Where δ - is the observed paramagnetic resonance shift spin line (signal offset this resonated in the spectrum kernel with paramagnetic additives against position in the spectrum of a sample that does not contain paramagnetic additive); r - is a distance from the coordination ion to resonating nucleus; B and C - are constants of the studied sample at given temperature. Thus, for the complexes, in the spectra of which paramagnetic shifts are pseudo-contact, the broadenings of signals are defined by the expression:

$$\Delta \text{ = }B{r}^{-6}.$$

The paramagnetic additives method comprises the recording of NMR spectra with or without additives of a paramagnetic complex. Molecules of solvent should not coordinate with paramagnetic additive. This is the main requirement, which is imposed to solvents. When the lanthanide shifting reagents are employed, the typical solvents are CCl₄, CHCl₃, and benzene. Quite often CH₃OH is used as a solvent, if compounds, coordinated with lanthanide shifting reagents by pyridine nitrogen atom, act as a substrate. Deuterated analogs of these solvents now became readily available. If elements of the iron group are employed as paramagnetic additives, the suitable solvents are (apart from CHCl₃) CH₃NO₂ and DMSO. HMDS is used as internal standard.

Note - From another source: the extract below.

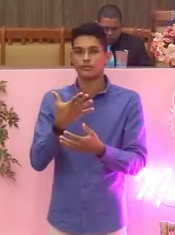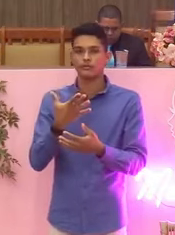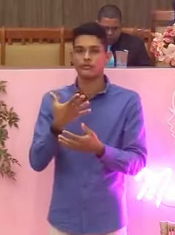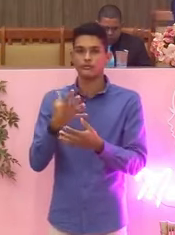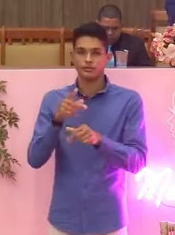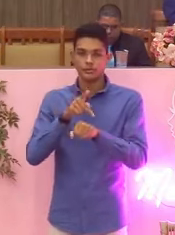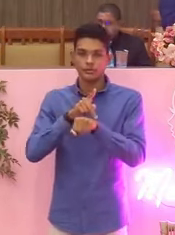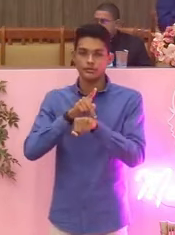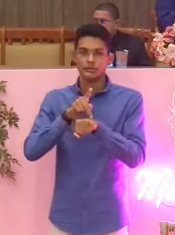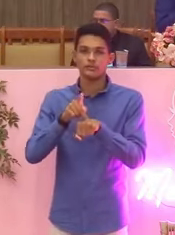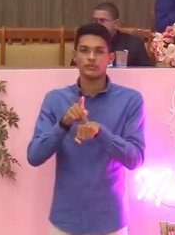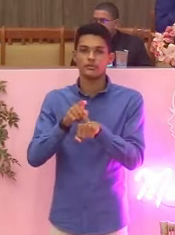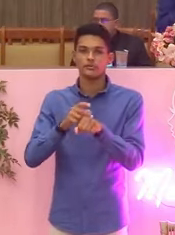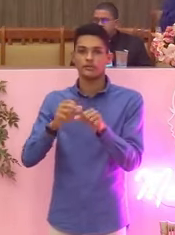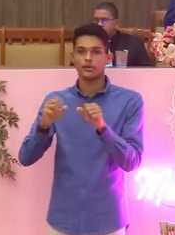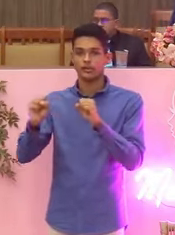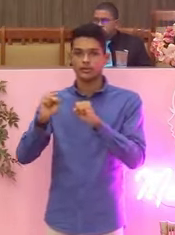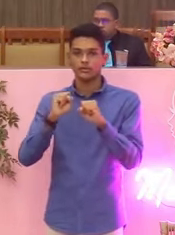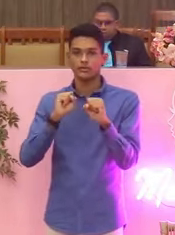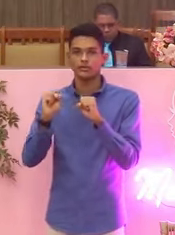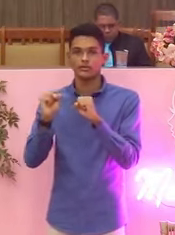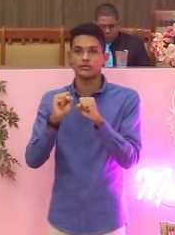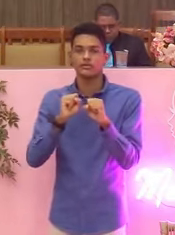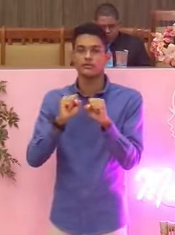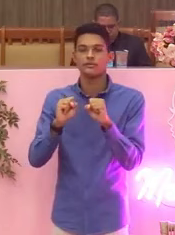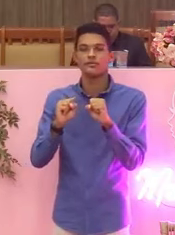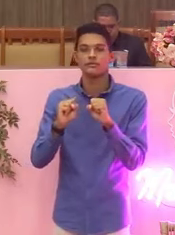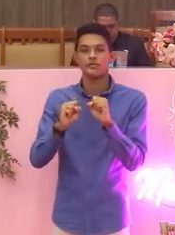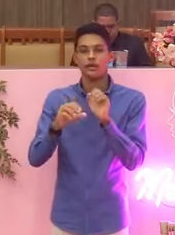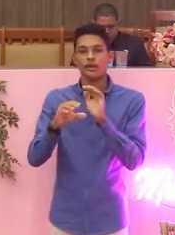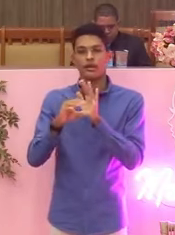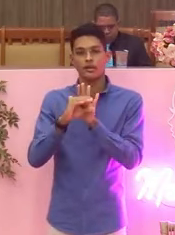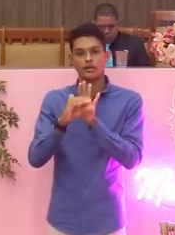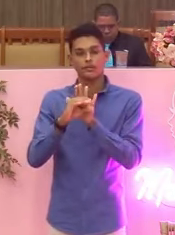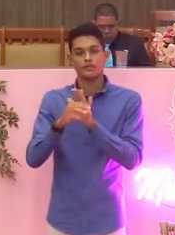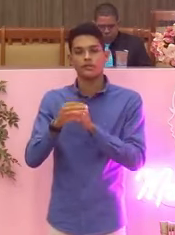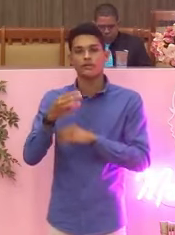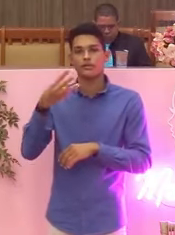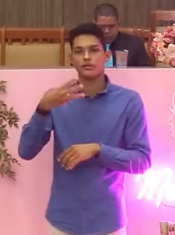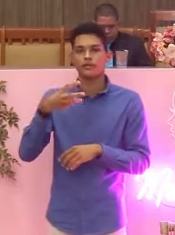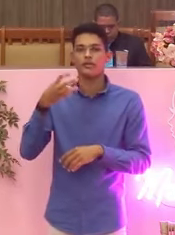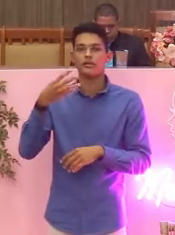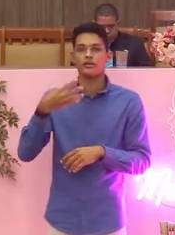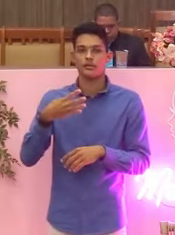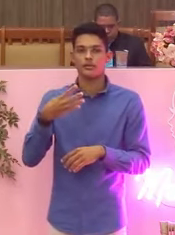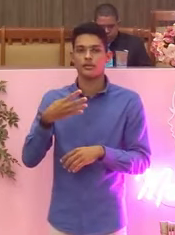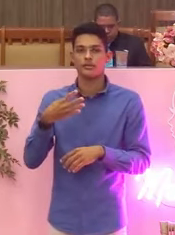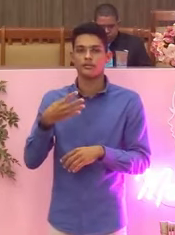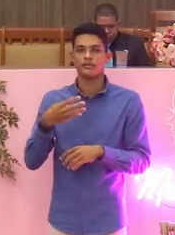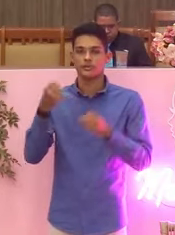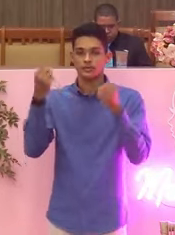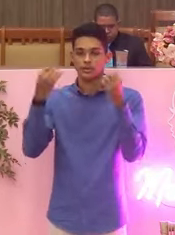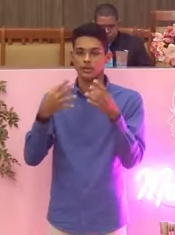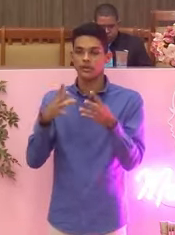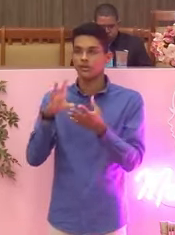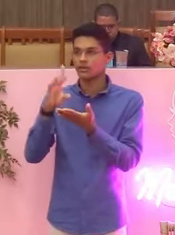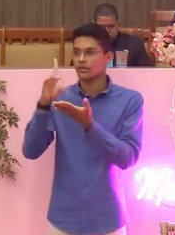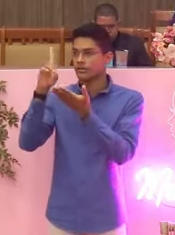E o Salmo 34,8 diz, ó provai e vede que o Senhor é bom.

Usual temperature for recording of the NMR spectra is 45 ÷ 50 ℃, if lanthanide shifting reagents are employed as additives. For iron additives, the temperature can be significantly higher: it depends on realization of the fast exchange conditions. Identical broadenings of all signals in the NMR spectra irrespective of the distance between resonating nucleus and coordination ion evidence the absence of the above conditions [4]. Concentration P of paramagnetic additive relative to the substrate dissolved in the sample should be 10^-3 - 10^-2. In this range, one should prepare 7 - 10 additives. This is sufficient, first, to be convinced in linear character of δ = δ(P)dependence of the observed shifts. As our experience shows, to obtain qualitative ¹H spectra, it is sufficient to dissolve about 10 mg of substrate (with molecular weight of 100 - 200) in a sample having standard volume (0.7 cm³). Such amount of substance is sufficient to quickly record qualitative spectra (with a good signal/noise ratio). Certainly, the modern spectrometers, operating in the pulse mode, allow to work (in principle) almost with any quantity of the substrate. Here we mean concentrations, which make it possible to obtain the relevant spectral information during small periods of time.